Charles Ives’s rambling Concord Sonata, published in 1920, is a famously intractable, inaccessible piece. So difficult that certain chords can only be sounded by lowering a wooden plank onto the piano keyboard, it baffles, moves and astounds by turns. As with much of Ives’s more outré work, one wonders if he knew exactly what this near-unplayable music would ever sound like. Henry Brant’s orchestral reimagining of the work, written between 1958 and 2004, doesn’t solve any structural problems, but hearing Ives’s craggy dissonances played on loud brass is thrilling, and the homely introspection of the opening to The Alcotts nicely caught – listen out for the Beethoven quotations shortly afterwards. Brant’s orchestration is more polished and idiomatic than genuine Ives – listen to a bold performance of the Fourth Symphony and the effect should be wild and chaotic. But Brant’s orchestral colours mean that the piece sounds far more sophisticated – melodies emerge more clearly, and there’s a feeling of lightness and space.

Aaron Copland’s rarely heard 1925 Organ Symphony presents fewer problems, unless you’re expecting Appalachian Spring-style folkiness. Copland’s early music can be stark and angular – the more jagged writing here suggests skyscrapers rather than prairies. Copland treats his organ as an orchestral instrument, a beefed-up woodwind soloist. The quiet, pastoral opening leads into a swinging scherzo, but best of all is the longer final movement, its majestic close shocking, haughty and triumphant. Excellent performances and superb, natural-sounding production.

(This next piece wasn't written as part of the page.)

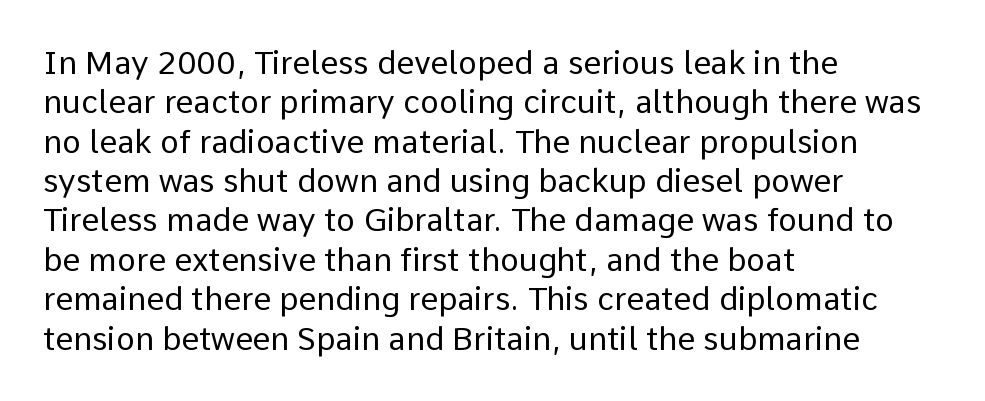
Nothing heavy about these letters — not bold at all. Each row of text sits above clean, open space. A student would call this left alignment; a typographer would say flush left, rag right. No feet cap the strokes, marking this as sans-serif type.

MahlerMahler: Symphony No 8 London Philharmonic Orchestra and Choir, London Symphony Chorus, vocal soloists/Klaus Tennstedt (LPO)

Mahler’s extravagant "Symphony of a Thousand" can only work when it’s led by a believer. Klaus Tennstedt’s live reading, taped by the BBC in 1991 in a Royal Festival Hall barely able to contain the sonic shockwaves released, is sensational – a Bernstein-style love-in which convinces on every level. There’s the London Philharmonic’s thrilling delivery – wonderful brass just about staying the course for 87 minutes, and the care with which Mahler’s frequently delicate colours are painted. The opening tutti roar is a stunner, but equally startling is the start of the first movement’s development, tubular bells punctuating string pizzicati and angular march figures in the winds. The movement’s final Gloria patri domino is overwhelming. It's such a surprise then to move to the chillier, Sibelian colours of the second movement’s orchestral prelude, played with devastating rawness by Tennstedt.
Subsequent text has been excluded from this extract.